The lack of continuous learning seems, to me, one of the biggest weaknesses of LLMs right now, with respect to getting to something that a layman human would recognize as AGI. The one thing I wonder about, though, is that continuous learning is just a speed problem right now. Even if all LLM development were to freeze at this moment, it's a safe bet that, within the next century (and safer-still within the next millennium), we'll have hardware capable of not only running LLMs but also training them at speeds so much faster than now, such that the hours of training using enterprise data servers that went into, say, Mythos, could be done in milliseconds on a cheap phone that someone in the lower-middle class could afford. I'm sure there would be engineering kinks to work out, but I don't see why, once the hardware gets powerful enough, this training couldn't be happening at rates fast enough to be indistinguishable from continuous to a typical human.

And if we do reach that point with LLM software that does this, will it actually be AGI? Will there be bizarre, unexpected and fundamentally impossible-to-predict-right-now issues that arise from such a system? I hope hardware gets fast enough in my lifetime that I can find out.

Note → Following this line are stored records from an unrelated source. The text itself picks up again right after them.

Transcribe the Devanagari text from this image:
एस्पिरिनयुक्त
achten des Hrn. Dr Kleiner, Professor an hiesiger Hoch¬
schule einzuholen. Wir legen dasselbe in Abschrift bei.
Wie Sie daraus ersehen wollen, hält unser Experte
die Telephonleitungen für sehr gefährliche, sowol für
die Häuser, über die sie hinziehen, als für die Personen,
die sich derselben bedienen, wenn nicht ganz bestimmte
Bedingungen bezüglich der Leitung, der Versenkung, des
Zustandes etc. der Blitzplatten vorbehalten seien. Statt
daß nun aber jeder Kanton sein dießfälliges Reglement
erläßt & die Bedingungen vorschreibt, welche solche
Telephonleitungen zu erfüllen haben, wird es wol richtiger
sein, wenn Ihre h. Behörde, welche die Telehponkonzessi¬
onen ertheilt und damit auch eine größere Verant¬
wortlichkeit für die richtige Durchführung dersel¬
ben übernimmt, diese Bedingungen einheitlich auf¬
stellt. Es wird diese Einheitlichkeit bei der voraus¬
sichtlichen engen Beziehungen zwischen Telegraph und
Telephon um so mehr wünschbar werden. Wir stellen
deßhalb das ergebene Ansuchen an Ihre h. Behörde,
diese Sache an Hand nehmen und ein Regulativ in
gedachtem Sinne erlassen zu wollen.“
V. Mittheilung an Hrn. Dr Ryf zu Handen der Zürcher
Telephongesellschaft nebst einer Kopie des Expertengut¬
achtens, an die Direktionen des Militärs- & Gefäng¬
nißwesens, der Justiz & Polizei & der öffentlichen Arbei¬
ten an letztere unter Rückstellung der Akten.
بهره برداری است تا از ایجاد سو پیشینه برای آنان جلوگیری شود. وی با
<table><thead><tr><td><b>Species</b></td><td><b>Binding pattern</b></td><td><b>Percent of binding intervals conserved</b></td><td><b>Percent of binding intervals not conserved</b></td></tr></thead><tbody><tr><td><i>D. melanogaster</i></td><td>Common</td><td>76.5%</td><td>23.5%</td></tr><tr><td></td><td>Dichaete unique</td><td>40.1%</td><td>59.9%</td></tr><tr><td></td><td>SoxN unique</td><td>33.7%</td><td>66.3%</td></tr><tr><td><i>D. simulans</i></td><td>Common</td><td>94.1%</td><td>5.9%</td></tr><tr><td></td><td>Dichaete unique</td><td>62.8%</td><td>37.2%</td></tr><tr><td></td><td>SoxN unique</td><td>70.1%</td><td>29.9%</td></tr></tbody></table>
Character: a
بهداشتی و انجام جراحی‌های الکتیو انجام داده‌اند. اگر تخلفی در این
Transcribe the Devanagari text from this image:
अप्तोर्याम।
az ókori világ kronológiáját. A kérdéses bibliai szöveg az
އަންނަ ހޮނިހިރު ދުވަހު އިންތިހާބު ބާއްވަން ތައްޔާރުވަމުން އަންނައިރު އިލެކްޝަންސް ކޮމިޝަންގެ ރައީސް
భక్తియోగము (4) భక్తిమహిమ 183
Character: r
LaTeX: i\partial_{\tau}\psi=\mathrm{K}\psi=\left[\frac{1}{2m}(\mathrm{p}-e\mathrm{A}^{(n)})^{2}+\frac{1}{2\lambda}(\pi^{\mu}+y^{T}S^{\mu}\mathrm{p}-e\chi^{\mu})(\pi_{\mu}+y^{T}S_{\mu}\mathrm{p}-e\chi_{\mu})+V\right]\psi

The word "good" in "good continuous learning" is doing a lot of work. Sample efficiency improves with model size, so it's possible that current models are just too small for good continuous learning, rather than there being some theoretical piece that's missing.

I've always thought this was the best case for a theoretical limit to machine learning as a general technique. Error rates keep growing unless you have a human authority do checkpoint syntheisis. And doing so in precise fashion, we have just reinvented programming.

The interesting part here is that the limit could be much further than practical relevance and context not actually that degraded. Early models already blew everybody's minds because we didn't expect it to work that well.

I still think Wolfram's irreducible complexity argument makes sense. But if it can be good enough we are in the Asimov Robot world where humans have their niche as robot psychologists.

The interesting part here is that the limit could be much further than practical relevance and context not actually that degraded

The limit is far enough that today’s models are useful: for example, they can code and (allegedly) find vulnerabilities in production software.

But I don’t believe today’s architecture can accurately emulate human intelligence, unless the model is retrained very frequently (daily?) on omni-local data (including everyone’s personal details and private codebases), effectively brute forcing continuous learning. Because today’s (consumer) models have been trained on practically the entire internet with the world’s compute, plus synthetic data and tool use, yet still they consistently hallucinate in long complicated tasks that humans after adjustment consistently solve.